== Activity ==
Nothing in the data may be altered, so output all of it exactly.

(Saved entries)
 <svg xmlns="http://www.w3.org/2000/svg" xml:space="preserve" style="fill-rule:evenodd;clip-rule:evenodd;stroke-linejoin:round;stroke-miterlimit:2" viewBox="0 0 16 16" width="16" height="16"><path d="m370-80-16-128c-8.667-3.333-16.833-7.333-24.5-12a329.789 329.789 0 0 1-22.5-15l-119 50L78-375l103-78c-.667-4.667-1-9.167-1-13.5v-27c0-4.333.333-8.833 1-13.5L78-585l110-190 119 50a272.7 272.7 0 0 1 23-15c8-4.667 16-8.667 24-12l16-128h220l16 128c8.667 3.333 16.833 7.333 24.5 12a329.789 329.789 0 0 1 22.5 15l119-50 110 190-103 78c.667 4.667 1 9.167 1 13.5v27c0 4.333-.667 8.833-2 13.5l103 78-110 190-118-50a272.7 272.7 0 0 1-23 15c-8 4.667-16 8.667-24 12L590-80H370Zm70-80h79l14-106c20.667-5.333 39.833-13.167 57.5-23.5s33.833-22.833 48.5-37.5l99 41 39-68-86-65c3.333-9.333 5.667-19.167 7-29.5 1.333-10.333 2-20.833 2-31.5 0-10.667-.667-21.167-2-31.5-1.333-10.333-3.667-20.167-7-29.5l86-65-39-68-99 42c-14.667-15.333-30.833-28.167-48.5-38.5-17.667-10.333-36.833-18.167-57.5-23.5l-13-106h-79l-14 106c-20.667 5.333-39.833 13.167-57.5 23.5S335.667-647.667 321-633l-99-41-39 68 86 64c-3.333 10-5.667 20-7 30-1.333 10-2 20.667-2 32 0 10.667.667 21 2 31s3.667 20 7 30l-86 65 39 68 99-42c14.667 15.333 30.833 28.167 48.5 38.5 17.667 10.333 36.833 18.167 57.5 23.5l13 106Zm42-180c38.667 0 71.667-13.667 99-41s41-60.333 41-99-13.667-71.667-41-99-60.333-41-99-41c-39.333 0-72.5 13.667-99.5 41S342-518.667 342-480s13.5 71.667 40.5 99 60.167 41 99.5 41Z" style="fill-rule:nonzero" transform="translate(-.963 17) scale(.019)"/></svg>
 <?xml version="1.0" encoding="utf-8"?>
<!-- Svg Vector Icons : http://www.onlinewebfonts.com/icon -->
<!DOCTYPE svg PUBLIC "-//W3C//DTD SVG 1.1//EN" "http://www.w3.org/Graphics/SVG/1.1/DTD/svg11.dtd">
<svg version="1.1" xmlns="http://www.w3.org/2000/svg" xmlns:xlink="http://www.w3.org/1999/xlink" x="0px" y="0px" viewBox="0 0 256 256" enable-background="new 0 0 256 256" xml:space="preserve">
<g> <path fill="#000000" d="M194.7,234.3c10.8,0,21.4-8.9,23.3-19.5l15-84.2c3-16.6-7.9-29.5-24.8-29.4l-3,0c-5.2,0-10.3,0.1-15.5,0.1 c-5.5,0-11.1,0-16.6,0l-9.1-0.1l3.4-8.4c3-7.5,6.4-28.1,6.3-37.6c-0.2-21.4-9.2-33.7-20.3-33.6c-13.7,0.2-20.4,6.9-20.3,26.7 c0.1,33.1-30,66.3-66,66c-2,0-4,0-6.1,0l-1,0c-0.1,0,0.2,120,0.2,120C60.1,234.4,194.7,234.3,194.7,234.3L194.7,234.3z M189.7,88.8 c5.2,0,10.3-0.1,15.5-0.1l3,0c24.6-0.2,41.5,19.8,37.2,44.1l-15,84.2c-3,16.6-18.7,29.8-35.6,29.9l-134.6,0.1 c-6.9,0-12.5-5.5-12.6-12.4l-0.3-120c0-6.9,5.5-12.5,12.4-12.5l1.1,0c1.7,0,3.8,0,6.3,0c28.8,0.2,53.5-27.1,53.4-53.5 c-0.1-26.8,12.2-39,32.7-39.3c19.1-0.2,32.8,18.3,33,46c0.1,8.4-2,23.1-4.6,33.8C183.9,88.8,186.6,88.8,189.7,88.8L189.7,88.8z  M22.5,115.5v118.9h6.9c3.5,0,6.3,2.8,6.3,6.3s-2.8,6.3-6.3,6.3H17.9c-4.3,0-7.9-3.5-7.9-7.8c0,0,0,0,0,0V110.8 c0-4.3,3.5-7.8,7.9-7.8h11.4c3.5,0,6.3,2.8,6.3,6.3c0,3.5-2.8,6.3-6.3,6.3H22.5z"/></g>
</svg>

== Answer section ==
 <svg xmlns="http://www.w3.org/2000/svg" xml:space="preserve" style="fill-rule:evenodd;clip-rule:evenodd;stroke-linejoin:round;stroke-miterlimit:2" viewBox="0 0 16 16" width="16" height="16"><path d="m370-80-16-128c-8.667-3.333-16.833-7.333-24.5-12a329.789 329.789 0 0 1-22.5-15l-119 50L78-375l103-78c-.667-4.667-1-9.167-1-13.5v-27c0-4.333.333-8.833 1-13.5L78-585l110-190 119 50a272.7 272.7 0 0 1 23-15c8-4.667 16-8.667 24-12l16-128h220l16 128c8.667 3.333 16.833 7.333 24.5 12a329.789 329.789 0 0 1 22.5 15l119-50 110 190-103 78c.667 4.667 1 9.167 1 13.5v27c0 4.333-.667 8.833-2 13.5l103 78-110 190-118-50a272.7 272.7 0 0 1-23 15c-8 4.667-16 8.667-24 12L590-80H370Zm70-80h79l14-106c20.667-5.333 39.833-13.167 57.5-23.5s33.833-22.833 48.5-37.5l99 41 39-68-86-65c3.333-9.333 5.667-19.167 7-29.5 1.333-10.333 2-20.833 2-31.5 0-10.667-.667-21.167-2-31.5-1.333-10.333-3.667-20.167-7-29.5l86-65-39-68-99 42c-14.667-15.333-30.833-28.167-48.5-38.5-17.667-10.333-36.833-18.167-57.5-23.5l-13-106h-79l-14 106c-20.667 5.333-39.833 13.167-57.5 23.5S335.667-647.667 321-633l-99-41-39 68 86 64c-3.333 10-5.667 20-7 30-1.333 10-2 20.667-2 32 0 10.667.667 21 2 31s3.667 20 7 30l-86 65 39 68 99-42c14.667 15.333 30.833 28.167 48.5 38.5 17.667 10.333 36.833 18.167 57.5 23.5l13 106Zm42-180c38.667 0 71.667-13.667 99-41s41-60.333 41-99-13.667-71.667-41-99-60.333-41-99-41c-39.333 0-72.5 13.667-99.5 41S342-518.667 342-480s13.5 71.667 40.5 99 60.167 41 99.5 41Z" style="fill-rule:nonzero" transform="translate(-.963 17) scale(.019)"/></svg>
 <?xml version="1.0" encoding="utf-8"?>
<!-- Svg Vector Icons : http://www.onlinewebfonts.com/icon -->
<!DOCTYPE svg PUBLIC "-//W3C//DTD SVG 1.1//EN" "http://www.w3.org/Graphics/SVG/1.1/DTD/svg11.dtd">
<svg version="1.1" xmlns="http://www.w3.org/2000/svg" xmlns:xlink="http://www.w3.org/1999/xlink" x="0px" y="0px" viewBox="0 0 256 256" enable-background="new 0 0 256 256" xml:space="preserve">
<g> <path fill="#000000" d="M194.7,234.3c10.8,0,21.4-8.9,23.3-19.5l15-84.2c3-16.6-7.9-29.5-24.8-29.4l-3,0c-5.2,0-10.3,0.1-15.5,0.1 c-5.5,0-11.1,0-16.6,0l-9.1-0.1l3.4-8.4c3-7.5,6.4-28.1,6.3-37.6c-0.2-21.4-9.2-33.7-20.3-33.6c-13.7,0.2-20.4,6.9-20.3,26.7 c0.1,33.1-30,66.3-66,66c-2,0-4,0-6.1,0l-1,0c-0.1,0,0.2,120,0.2,120C60.1,234.4,194.7,234.3,194.7,234.3L194.7,234.3z M189.7,88.8 c5.2,0,10.3-0.1,15.5-0.1l3,0c24.6-0.2,41.5,19.8,37.2,44.1l-15,84.2c-3,16.6-18.7,29.8-35.6,29.9l-134.6,0.1 c-6.9,0-12.5-5.5-12.6-12.4l-0.3-120c0-6.9,5.5-12.5,12.4-12.5l1.1,0c1.7,0,3.8,0,6.3,0c28.8,0.2,53.5-27.1,53.4-53.5 c-0.1-26.8,12.2-39,32.7-39.3c19.1-0.2,32.8,18.3,33,46c0.1,8.4-2,23.1-4.6,33.8C183.9,88.8,186.6,88.8,189.7,88.8L189.7,88.8z  M22.5,115.5v118.9h6.9c3.5,0,6.3,2.8,6.3,6.3s-2.8,6.3-6.3,6.3H17.9c-4.3,0-7.9-3.5-7.9-7.8c0,0,0,0,0,0V110.8 c0-4.3,3.5-7.8,7.9-7.8h11.4c3.5,0,6.3,2.8,6.3,6.3c0,3.5-2.8,6.3-6.3,6.3H22.5z"/></g>
</svg>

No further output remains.